━━━━━ Data ━━━━━
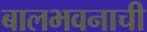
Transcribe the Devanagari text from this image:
बालभवनाची
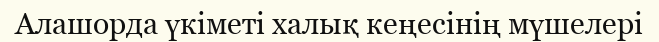
Алашорда үкіметі халық кеңесінің мүшелері
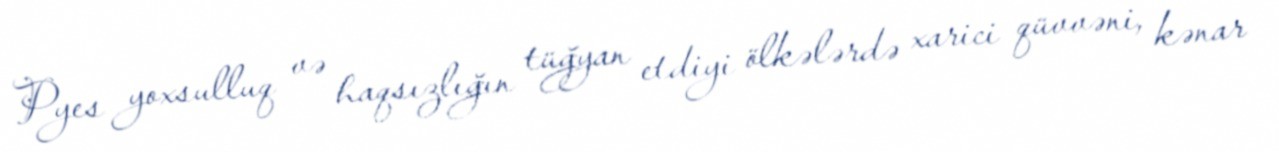
Pyes yoxsulluq və haqsızlığın tüğyan etdiyi ölkələrdə xarici qüvvəni, kənar
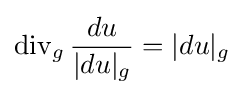
\operatorname {div} _{g}{\frac {du}{|du|_{g}}}=|du|_{g}
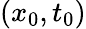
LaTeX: (x_{0},t_{0})
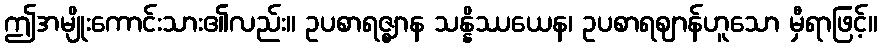
ဤအမျိုးကောင်းသား၏လည်း။ ဥပစာရဇ္ဈာန သန္နိဿယေန၊ ဥပစာရဈာန်ဟူသော မှီရာဖြင့်။
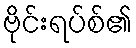
ဗိုင်းရပ်စ်၏
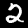
Label: 2
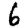
Digit: 6
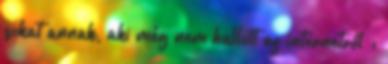
sokat annak, aki még nem hallott az internetről :
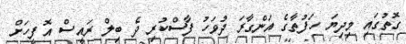
ގޮތުގައި މިދިޔަ ހަފުތާގެ އަންގާރަ ދުވަހު ފާސްކުރި ދެ ބިލް ރައީސް އޮފީހަށް
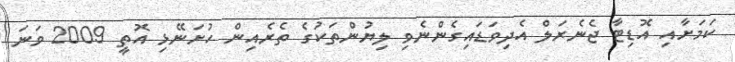
ކަމަށާއި އޮޑިޓާ ޖެނެރަލް އެދިވަޑައިގެންނެވި ލިޔުންތަކުގެ ތެރެއިން ހުށަނޭޅި އޮތީ 2009 ވަނަ
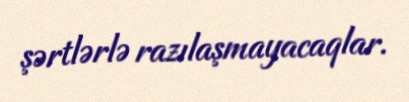
şərtlərlə razılaşmayacaqlar.
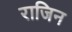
━━━━━
§ **Task directions**: Leave out the pictures and give the rest of the material again, unaltered.

§ **Response to the task**:
Transcribe the Devanagari text from this image:
बालभवनाची
Алашорда үкіметі халық кеңесінің мүшелері
Pyes yoxsulluq və haqsızlığın tüğyan etdiyi ölkələrdə xarici qüvvəni, kənar
\operatorname {div} _{g}{\frac {du}{|du|_{g}}}=|du|_{g}
LaTeX: (x_{0},t_{0})
ဤအမျိုးကောင်းသား၏လည်း။ ဥပစာရဇ္ဈာန သန္နိဿယေန၊ ဥပစာရဈာန်ဟူသော မှီရာဖြင့်။
ဗိုင်းရပ်စ်၏
Label: 2
Digit: 6
sokat annak, aki még nem hallott az internetről :
ގޮތުގައި މިދިޔަ ހަފުތާގެ އަންގާރަ ދުވަހު ފާސްކުރި ދެ ބިލް ރައީސް އޮފީހަށް
ކަމަށާއި އޮޑިޓާ ޖެނެރަލް އެދިވަޑައިގެންނެވި ލިޔުންތަކުގެ ތެރެއިން ހުށަނޭޅި އޮތީ 2009 ވަނަ
şərtlərlə razılaşmayacaqlar.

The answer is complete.